Listed entries Block Start

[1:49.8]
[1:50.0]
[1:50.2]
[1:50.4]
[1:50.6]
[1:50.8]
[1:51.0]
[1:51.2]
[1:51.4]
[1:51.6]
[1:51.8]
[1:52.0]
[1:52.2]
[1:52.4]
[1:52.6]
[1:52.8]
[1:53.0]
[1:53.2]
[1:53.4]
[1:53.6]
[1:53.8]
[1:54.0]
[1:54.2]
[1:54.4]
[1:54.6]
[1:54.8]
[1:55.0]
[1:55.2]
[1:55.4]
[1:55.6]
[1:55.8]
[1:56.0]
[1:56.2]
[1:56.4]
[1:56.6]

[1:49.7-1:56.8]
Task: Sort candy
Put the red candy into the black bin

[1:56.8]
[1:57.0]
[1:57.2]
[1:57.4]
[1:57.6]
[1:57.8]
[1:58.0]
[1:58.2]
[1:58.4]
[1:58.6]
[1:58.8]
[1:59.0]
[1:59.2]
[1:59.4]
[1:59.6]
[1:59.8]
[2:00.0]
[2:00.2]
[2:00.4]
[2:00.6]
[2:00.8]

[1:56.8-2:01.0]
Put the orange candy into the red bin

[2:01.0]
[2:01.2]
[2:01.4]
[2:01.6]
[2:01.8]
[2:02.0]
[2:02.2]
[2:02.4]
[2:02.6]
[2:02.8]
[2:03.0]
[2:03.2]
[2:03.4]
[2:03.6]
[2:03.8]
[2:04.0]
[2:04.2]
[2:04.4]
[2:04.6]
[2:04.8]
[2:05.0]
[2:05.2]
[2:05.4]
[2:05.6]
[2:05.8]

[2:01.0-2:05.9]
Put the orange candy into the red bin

Listed entries Block End

> What you will do
Without altering a single character, write out every record above.

> Exercise result
[1:49.8]
[1:50.0]
[1:50.2]
[1:50.4]
[1:50.6]
[1:50.8]
[1:51.0]
[1:51.2]
[1:51.4]
[1:51.6]
[1:51.8]
[1:52.0]
[1:52.2]
[1:52.4]
[1:52.6]
[1:52.8]
[1:53.0]
[1:53.2]
[1:53.4]
[1:53.6]
[1:53.8]
[1:54.0]
[1:54.2]
[1:54.4]
[1:54.6]
[1:54.8]
[1:55.0]
[1:55.2]
[1:55.4]
[1:55.6]
[1:55.8]
[1:56.0]
[1:56.2]
[1:56.4]
[1:56.6]

[1:49.7-1:56.8]
Task: Sort candy
Put the red candy into the black bin

[1:56.8]
[1:57.0]
[1:57.2]
[1:57.4]
[1:57.6]
[1:57.8]
[1:58.0]
[1:58.2]
[1:58.4]
[1:58.6]
[1:58.8]
[1:59.0]
[1:59.2]
[1:59.4]
[1:59.6]
[1:59.8]
[2:00.0]
[2:00.2]
[2:00.4]
[2:00.6]
[2:00.8]

[1:56.8-2:01.0]
Put the orange candy into the red bin

[2:01.0]
[2:01.2]
[2:01.4]
[2:01.6]
[2:01.8]
[2:02.0]
[2:02.2]
[2:02.4]
[2:02.6]
[2:02.8]
[2:03.0]
[2:03.2]
[2:03.4]
[2:03.6]
[2:03.8]
[2:04.0]
[2:04.2]
[2:04.4]
[2:04.6]
[2:04.8]
[2:05.0]
[2:05.2]
[2:05.4]
[2:05.6]
[2:05.8]

[2:01.0-2:05.9]
Put the orange candy into the red bin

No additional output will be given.